League of Denial Cover
The book made a huge splash a few months ago when it was released on the same day as a Frontline special based on the book’s findings aired on PBS. Both the book and documentary were created by ESPN reports Mark Fainaru-Wada and Steve Fainaru, who spent years uncovering what they believe to be decades of deceitful behavior within the NFL in order to keep players and the general public unaware of the risks of repeated brain injuries.

League of Denial put much of its focus on famed Pittsburgh Steelers player Mike Webster, known as one of the toughest players to ever play in the professional league. Later in his life, Webster began to experience all of the tell-tale signs of severe brain damage before succumbing to a heart attack at age 50. After his death, Webster underwent an autopsy where he was found to have Chronic Traumatic Encephalopathy, a neurodegenerative disorder associated with memory loss, behavioral problems, anxiety, depression, and numerous other severe physical and mental problems.

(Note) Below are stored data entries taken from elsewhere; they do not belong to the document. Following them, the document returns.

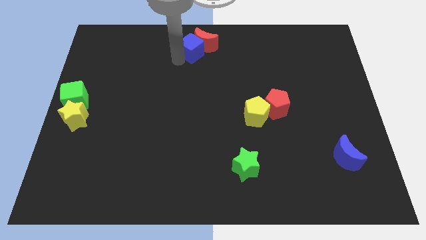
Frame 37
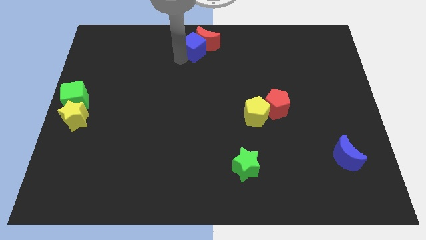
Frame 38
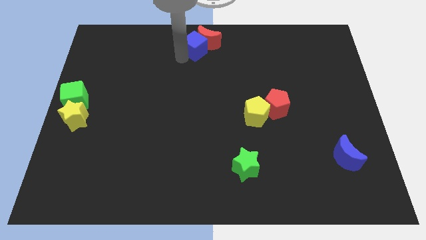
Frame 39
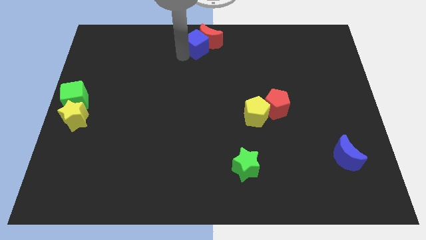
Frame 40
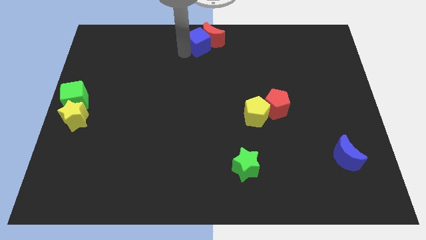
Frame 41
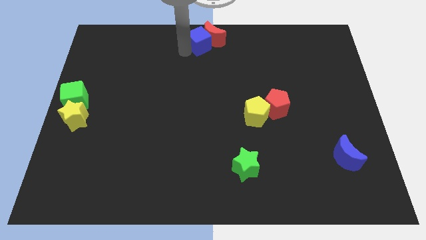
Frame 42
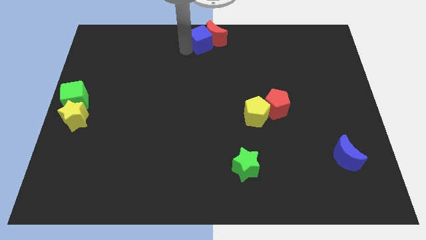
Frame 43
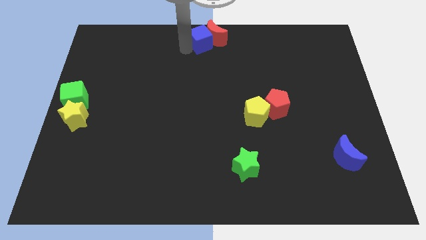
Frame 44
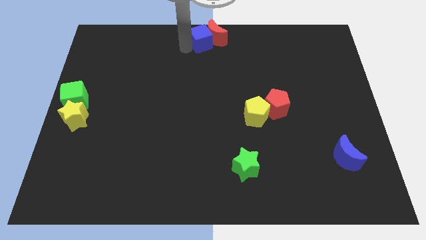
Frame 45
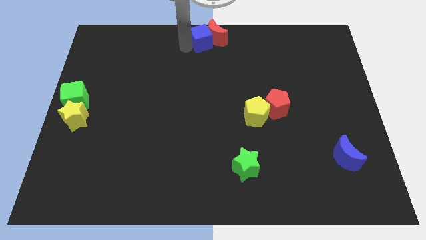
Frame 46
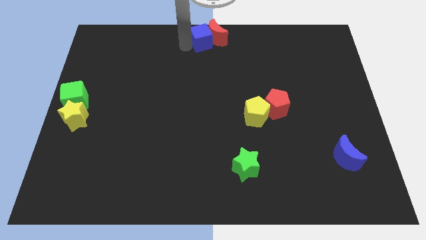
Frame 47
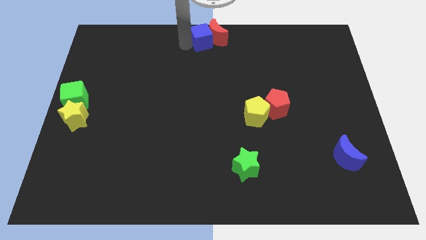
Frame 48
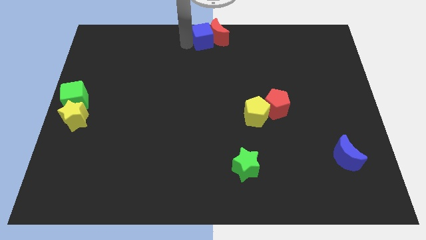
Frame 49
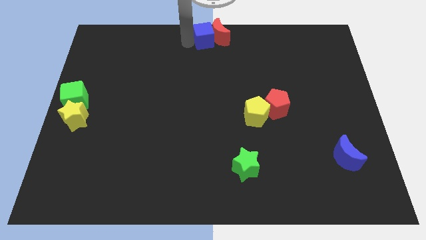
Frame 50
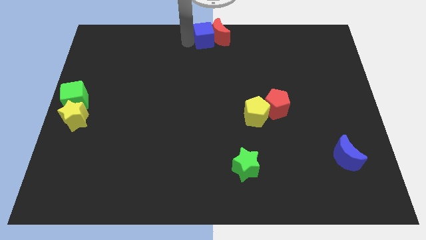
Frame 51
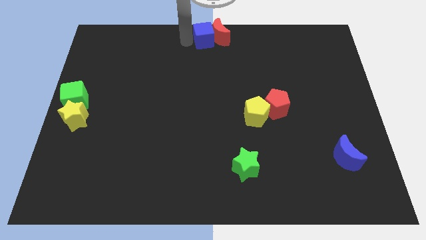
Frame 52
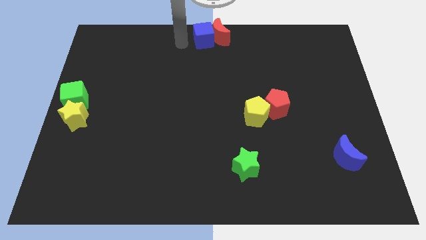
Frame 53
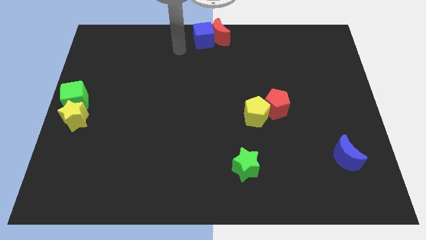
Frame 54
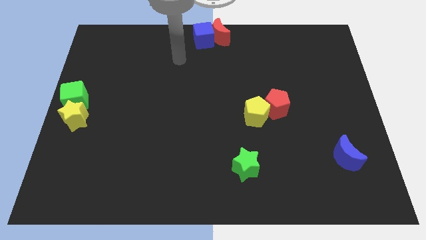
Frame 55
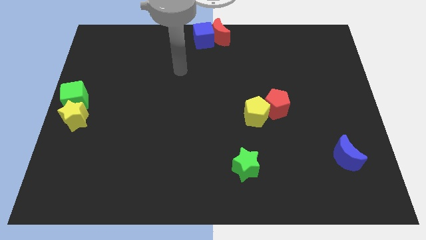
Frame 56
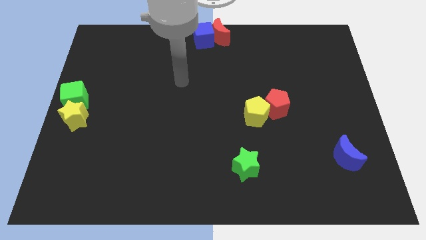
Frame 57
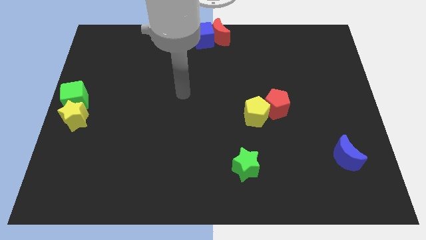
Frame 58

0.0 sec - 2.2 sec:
place the blue cube and red crescent to the top center

It is unclear exactly how League of Denial will be making its way to the screen, as a partnership with Abu Dhabi-based Image Nation allowed the production company to secure the rights without a studio in line to begin production. Parkes/MacDonald Productions partners Walker Parkes and Laurie MacDonald hope to begin meeting with writers and filmmakers to determine whether the project is more suited as a pay cable special feature or a full-length theatrical release.

Parkes/MacDonald began its partnership with Image Nation in 2009, and they have already received acclaim for their first release I Am Malala, a feature documentary about Malala Yousafzai, the young Pakistani woman who received the UN human rights prize for her acts in promoting education for girls in her country, which ultimately led to an aassassinationattempt by the Taliban. Since then she has been nominated for the Nobel Peice Prize and has toured the world speaking out for her cause.

No matter how the project ends up being seen, film projects like it and Ridley Scott’s project are undoubtedly poised to reach a portion of the public which has so far been unphased by the research and journalistic efforts to increase awareness of the dangers of repeated concussions and traumatic brain injuries.